[Opening Data supplied section]
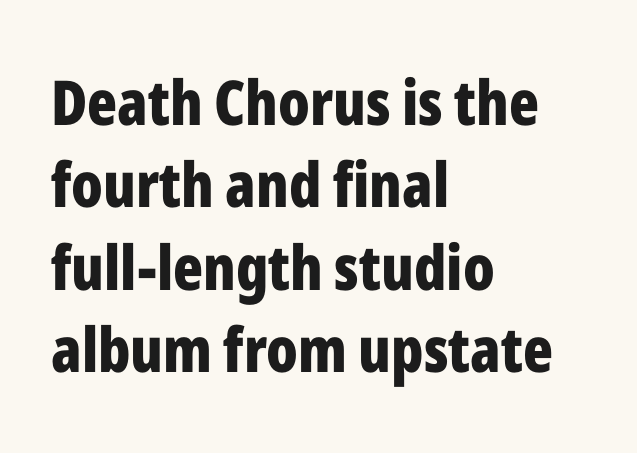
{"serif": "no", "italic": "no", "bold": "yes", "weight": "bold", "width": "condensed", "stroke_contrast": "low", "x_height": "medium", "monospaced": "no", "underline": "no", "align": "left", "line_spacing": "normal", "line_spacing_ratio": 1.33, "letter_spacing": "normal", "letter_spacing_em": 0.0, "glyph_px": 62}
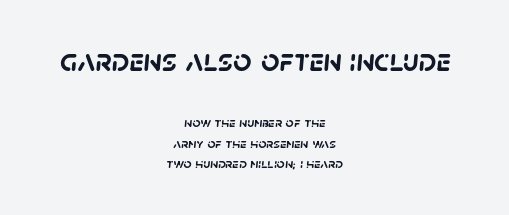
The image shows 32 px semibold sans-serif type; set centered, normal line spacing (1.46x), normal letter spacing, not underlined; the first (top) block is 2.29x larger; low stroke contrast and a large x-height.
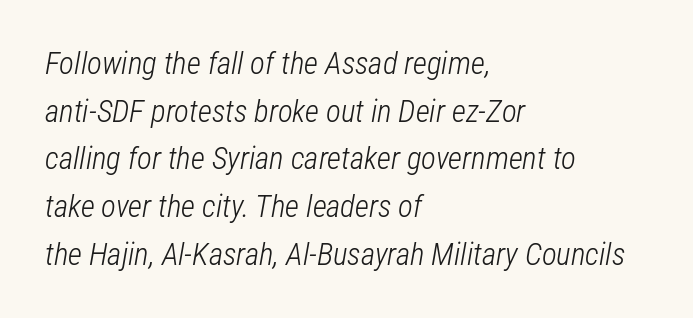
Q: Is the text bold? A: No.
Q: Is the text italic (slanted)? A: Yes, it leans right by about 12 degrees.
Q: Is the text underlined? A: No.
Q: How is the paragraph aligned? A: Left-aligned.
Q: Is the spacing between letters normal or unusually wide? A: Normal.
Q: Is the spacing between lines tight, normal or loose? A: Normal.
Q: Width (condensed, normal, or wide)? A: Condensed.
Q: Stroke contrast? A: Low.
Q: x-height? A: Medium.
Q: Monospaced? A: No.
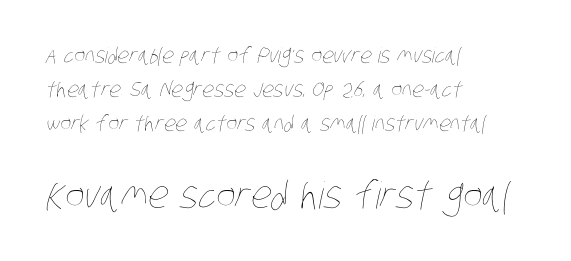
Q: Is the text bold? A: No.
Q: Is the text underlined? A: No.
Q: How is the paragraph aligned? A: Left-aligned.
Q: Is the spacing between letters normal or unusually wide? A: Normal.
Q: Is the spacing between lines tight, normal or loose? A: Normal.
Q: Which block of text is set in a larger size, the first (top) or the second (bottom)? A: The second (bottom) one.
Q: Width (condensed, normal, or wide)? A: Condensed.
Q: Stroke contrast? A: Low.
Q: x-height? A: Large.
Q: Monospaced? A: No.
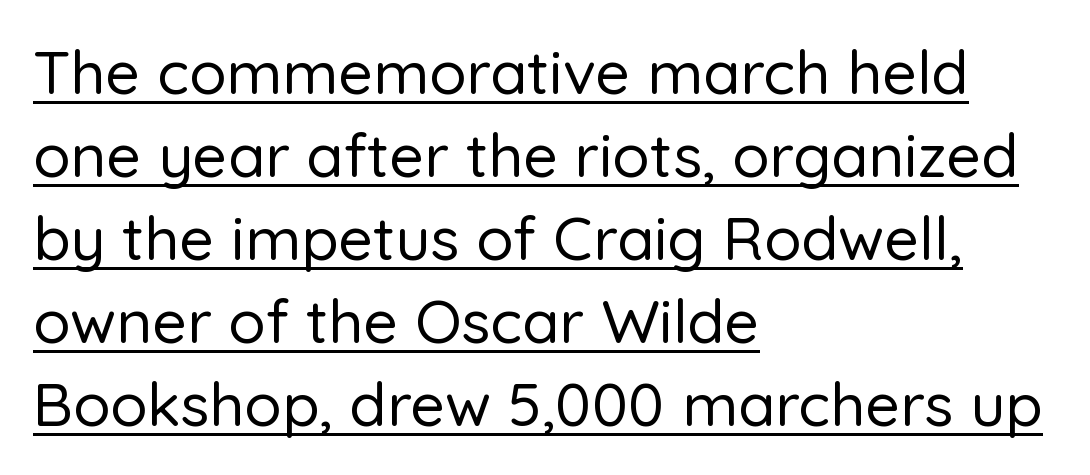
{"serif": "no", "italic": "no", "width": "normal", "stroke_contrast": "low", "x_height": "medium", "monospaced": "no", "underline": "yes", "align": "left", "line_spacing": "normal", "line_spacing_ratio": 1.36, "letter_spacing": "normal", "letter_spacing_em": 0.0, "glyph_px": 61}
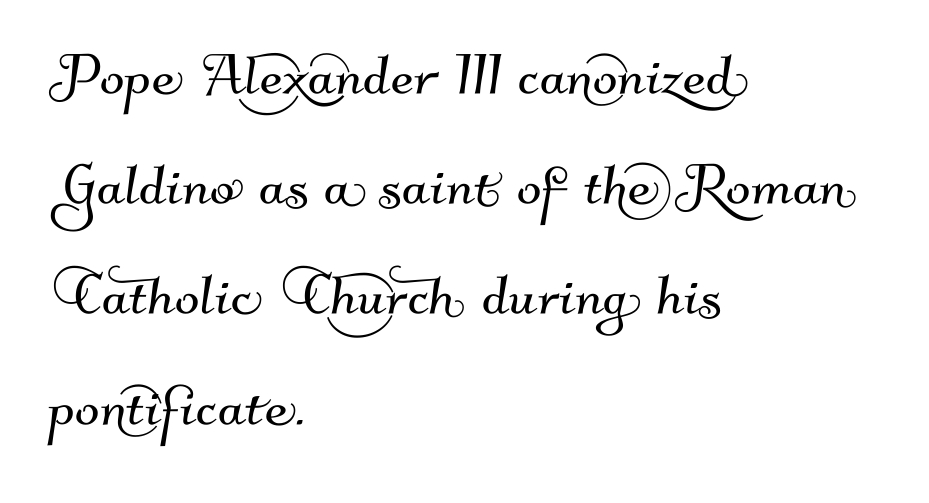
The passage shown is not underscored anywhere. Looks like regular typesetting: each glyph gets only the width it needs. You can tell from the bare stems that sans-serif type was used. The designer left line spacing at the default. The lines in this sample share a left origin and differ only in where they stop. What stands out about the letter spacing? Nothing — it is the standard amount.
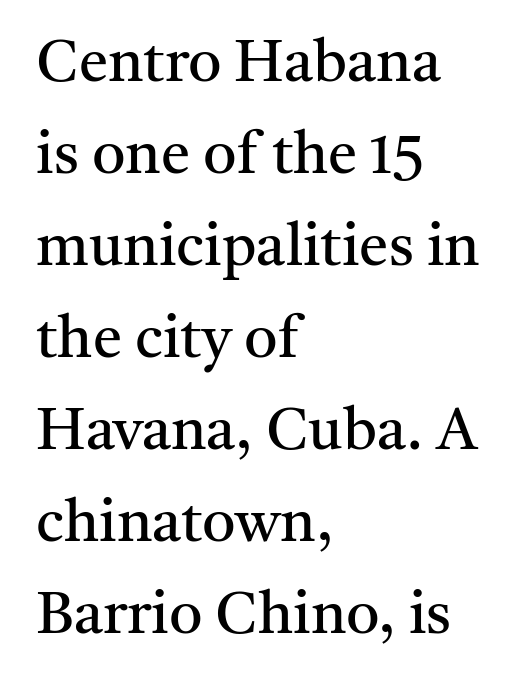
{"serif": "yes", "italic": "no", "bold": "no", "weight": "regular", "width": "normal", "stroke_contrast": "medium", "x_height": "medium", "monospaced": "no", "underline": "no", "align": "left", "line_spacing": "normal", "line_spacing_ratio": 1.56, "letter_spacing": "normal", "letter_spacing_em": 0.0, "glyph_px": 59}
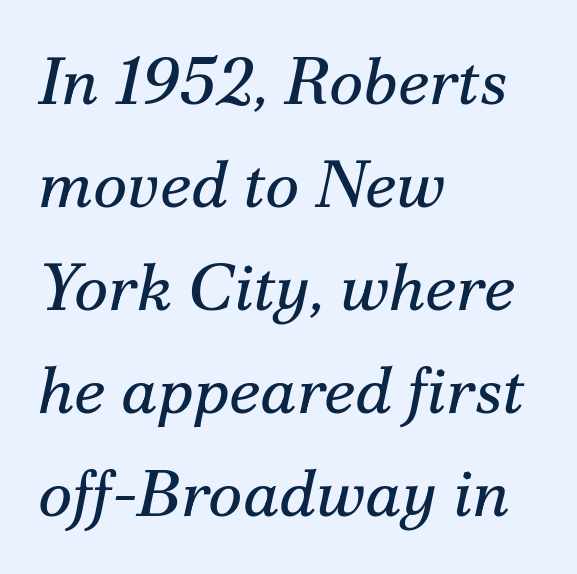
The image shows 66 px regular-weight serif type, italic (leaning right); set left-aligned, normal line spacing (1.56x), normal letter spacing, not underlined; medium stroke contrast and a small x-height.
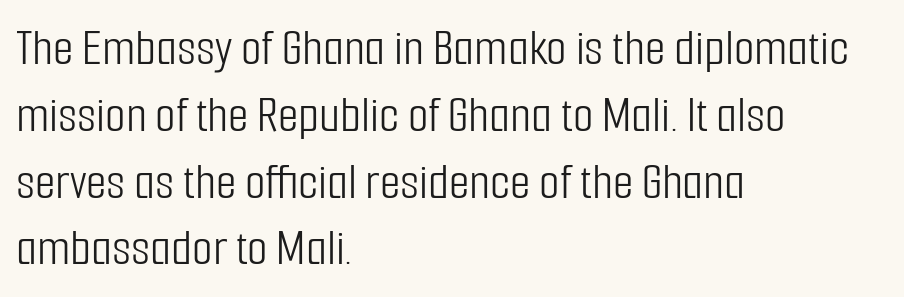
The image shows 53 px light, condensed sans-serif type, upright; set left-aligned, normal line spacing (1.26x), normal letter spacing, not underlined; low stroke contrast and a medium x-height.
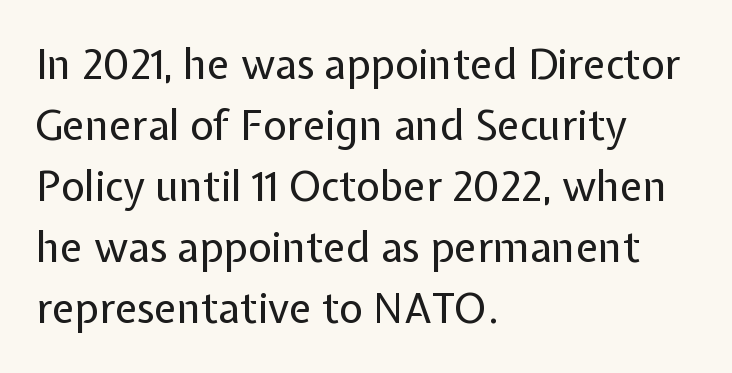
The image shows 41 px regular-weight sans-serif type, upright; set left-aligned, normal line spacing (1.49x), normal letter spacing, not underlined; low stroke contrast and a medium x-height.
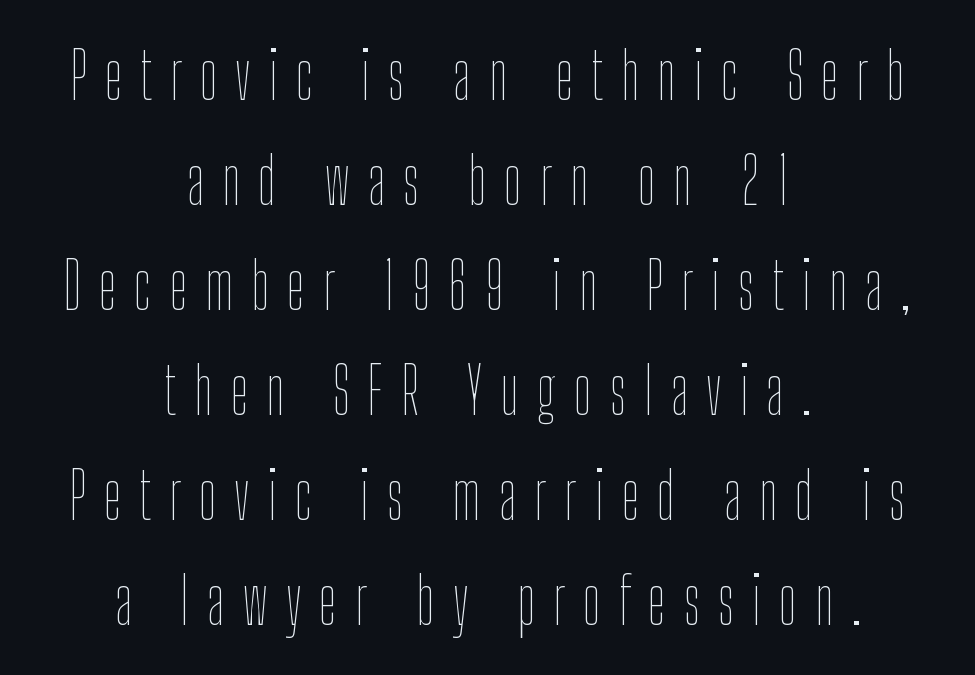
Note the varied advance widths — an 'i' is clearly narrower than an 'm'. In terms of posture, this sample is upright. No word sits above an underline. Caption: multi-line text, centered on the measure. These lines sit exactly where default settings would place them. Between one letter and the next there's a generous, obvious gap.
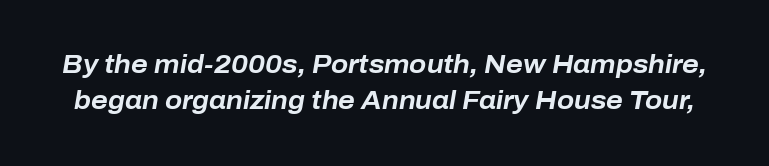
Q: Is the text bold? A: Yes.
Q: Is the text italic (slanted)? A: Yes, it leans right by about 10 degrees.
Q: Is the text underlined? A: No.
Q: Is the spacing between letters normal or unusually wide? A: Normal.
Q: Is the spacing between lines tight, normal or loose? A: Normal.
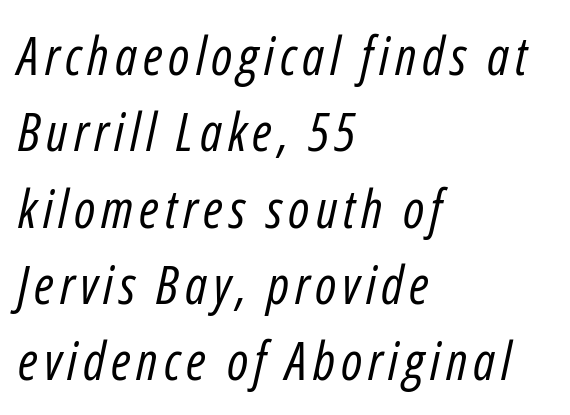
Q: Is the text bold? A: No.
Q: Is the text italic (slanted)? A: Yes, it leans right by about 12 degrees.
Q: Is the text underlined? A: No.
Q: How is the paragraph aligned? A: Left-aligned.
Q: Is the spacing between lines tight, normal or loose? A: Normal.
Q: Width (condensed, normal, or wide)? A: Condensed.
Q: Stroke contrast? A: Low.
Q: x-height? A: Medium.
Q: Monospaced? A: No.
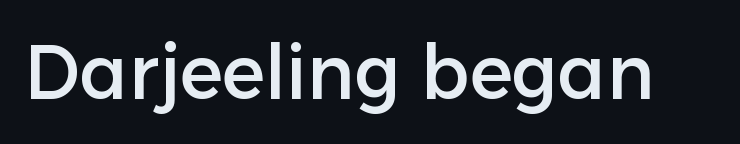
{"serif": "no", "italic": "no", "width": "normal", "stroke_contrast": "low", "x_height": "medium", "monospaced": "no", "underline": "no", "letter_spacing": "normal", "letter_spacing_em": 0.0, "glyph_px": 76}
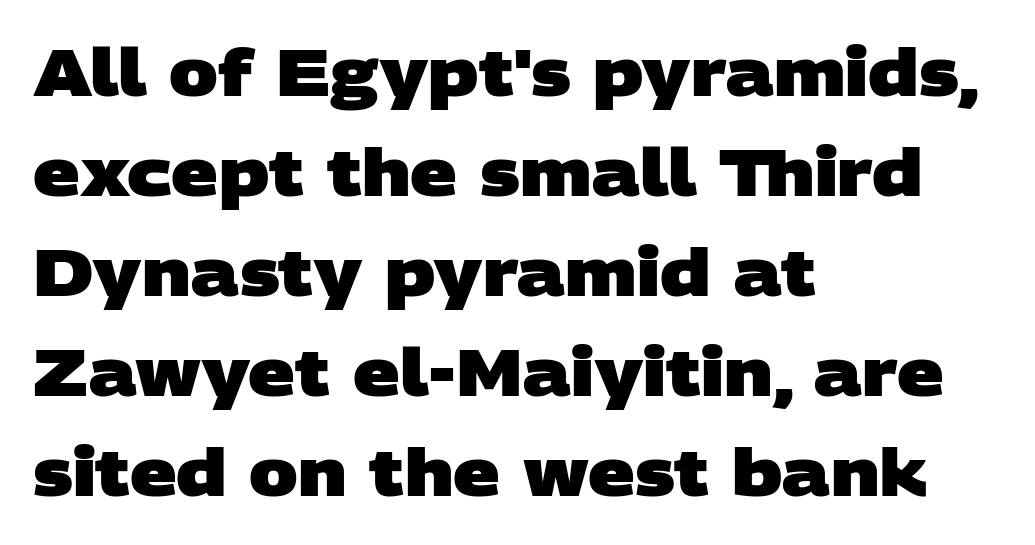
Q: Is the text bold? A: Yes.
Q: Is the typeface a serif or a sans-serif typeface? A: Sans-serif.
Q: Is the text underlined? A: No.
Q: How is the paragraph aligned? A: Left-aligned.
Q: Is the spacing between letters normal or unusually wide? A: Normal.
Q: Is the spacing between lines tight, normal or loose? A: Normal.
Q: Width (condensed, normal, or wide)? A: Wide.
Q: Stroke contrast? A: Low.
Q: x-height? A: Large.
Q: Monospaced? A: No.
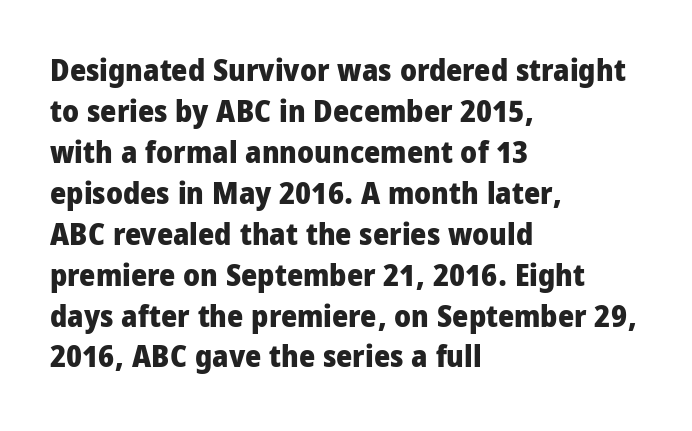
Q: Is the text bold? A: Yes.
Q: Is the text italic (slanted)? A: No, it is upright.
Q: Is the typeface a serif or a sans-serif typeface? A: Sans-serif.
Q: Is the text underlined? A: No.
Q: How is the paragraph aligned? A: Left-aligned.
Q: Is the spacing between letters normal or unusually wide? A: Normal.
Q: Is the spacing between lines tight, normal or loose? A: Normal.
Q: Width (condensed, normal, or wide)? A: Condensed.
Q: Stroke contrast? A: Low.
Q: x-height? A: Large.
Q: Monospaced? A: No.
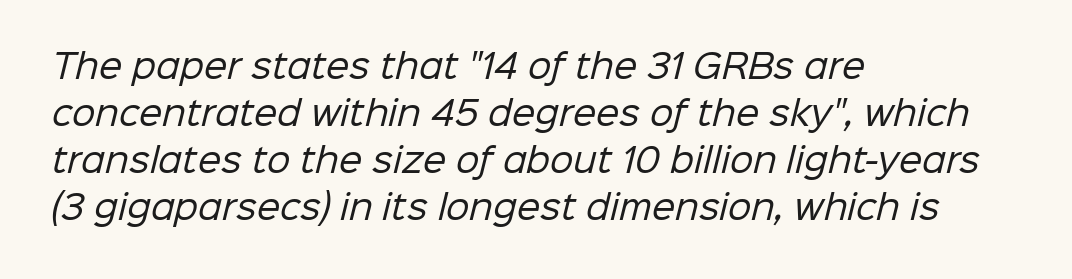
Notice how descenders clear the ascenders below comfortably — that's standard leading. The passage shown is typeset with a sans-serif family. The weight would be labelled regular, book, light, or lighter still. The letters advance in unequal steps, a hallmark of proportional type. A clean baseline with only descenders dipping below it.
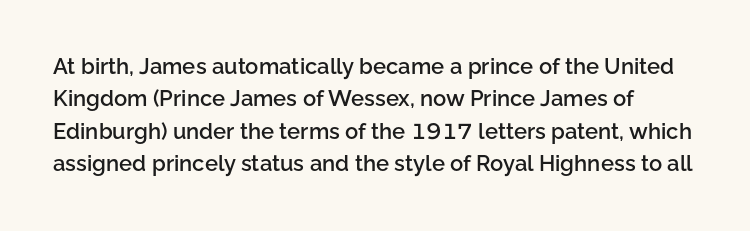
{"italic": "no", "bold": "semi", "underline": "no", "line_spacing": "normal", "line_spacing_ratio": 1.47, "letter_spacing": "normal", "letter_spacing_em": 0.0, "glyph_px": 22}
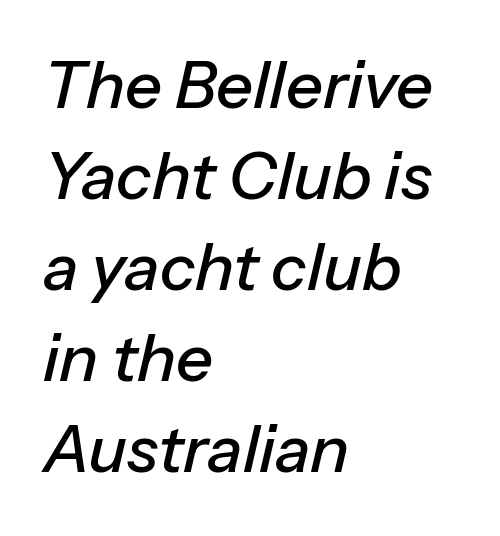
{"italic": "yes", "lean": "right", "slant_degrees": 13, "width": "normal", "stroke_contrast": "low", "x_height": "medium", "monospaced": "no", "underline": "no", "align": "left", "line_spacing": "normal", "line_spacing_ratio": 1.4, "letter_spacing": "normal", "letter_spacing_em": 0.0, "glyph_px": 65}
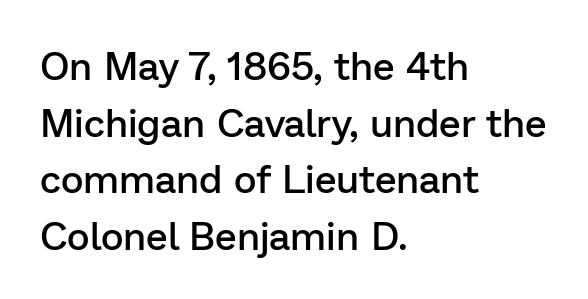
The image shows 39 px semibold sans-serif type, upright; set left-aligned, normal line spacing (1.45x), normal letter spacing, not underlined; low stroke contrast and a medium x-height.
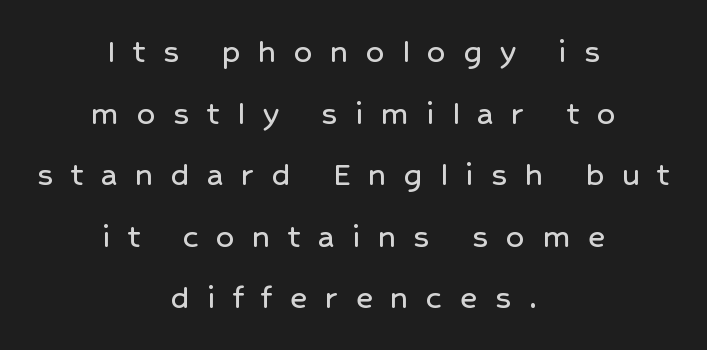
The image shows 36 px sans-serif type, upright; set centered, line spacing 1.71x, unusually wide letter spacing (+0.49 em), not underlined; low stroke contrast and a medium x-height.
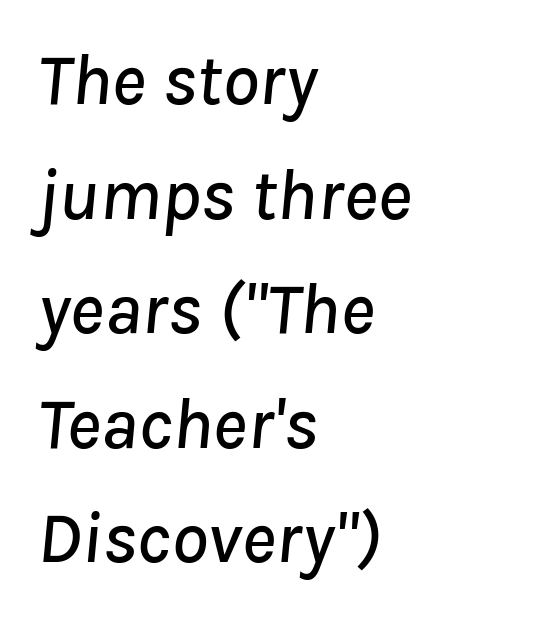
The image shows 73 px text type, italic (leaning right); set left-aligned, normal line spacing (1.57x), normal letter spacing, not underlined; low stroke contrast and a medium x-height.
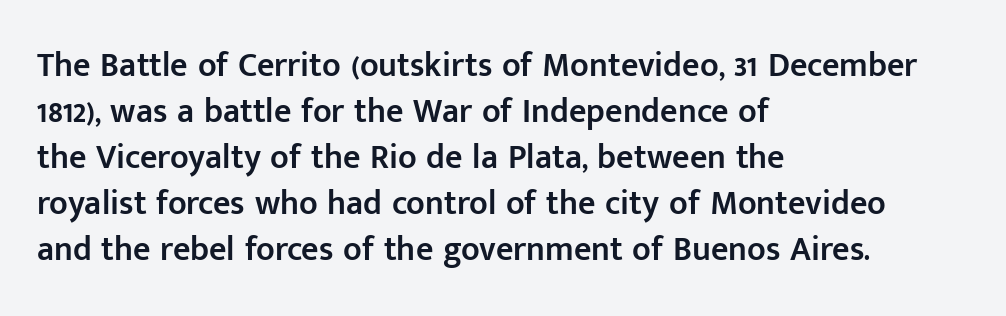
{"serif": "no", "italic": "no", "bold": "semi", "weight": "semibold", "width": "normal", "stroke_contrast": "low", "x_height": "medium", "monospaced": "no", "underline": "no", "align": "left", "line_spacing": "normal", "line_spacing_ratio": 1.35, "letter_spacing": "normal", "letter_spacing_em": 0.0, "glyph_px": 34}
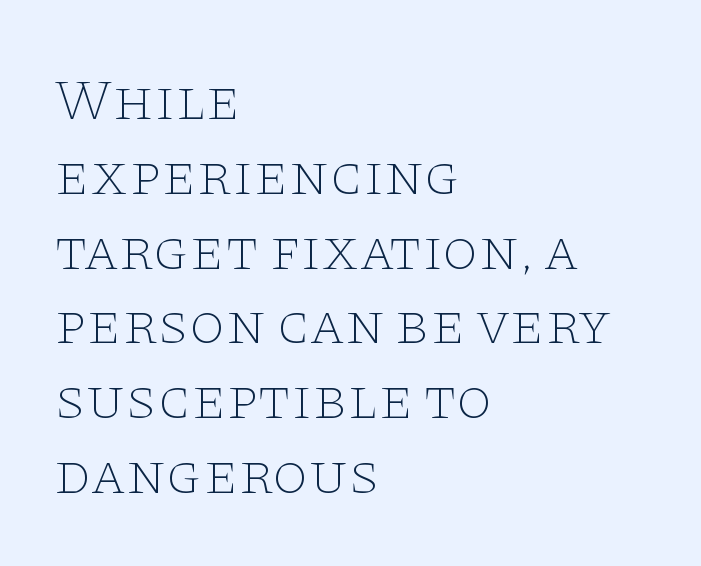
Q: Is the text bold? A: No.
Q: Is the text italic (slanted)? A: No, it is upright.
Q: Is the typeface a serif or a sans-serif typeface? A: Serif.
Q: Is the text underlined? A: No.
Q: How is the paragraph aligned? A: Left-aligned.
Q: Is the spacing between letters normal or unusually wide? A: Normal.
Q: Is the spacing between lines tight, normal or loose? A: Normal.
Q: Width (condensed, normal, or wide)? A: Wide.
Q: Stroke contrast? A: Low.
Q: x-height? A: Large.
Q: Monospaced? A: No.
[Closing Data supplied section]
- [Work instructions]: Show every line of the entries above where the word "advance" occurs.

- [Result for this task]:
Note the varied advance widths — an 'i' is clearly narrower than an 'm'. In terms of posture, this sample is upright. No word sits above an underline. Caption: multi-line text, centered on the measure. These lines sit exactly where default settings would place them. Between one letter and the next there's a generous, obvious gap.
Notice how descenders clear the ascenders below comfortably — that's standard leading. The passage shown is typeset with a sans-serif family. The weight would be labelled regular, book, light, or lighter still. The letters advance in unequal steps, a hallmark of proportional type. A clean baseline with only descenders dipping below it.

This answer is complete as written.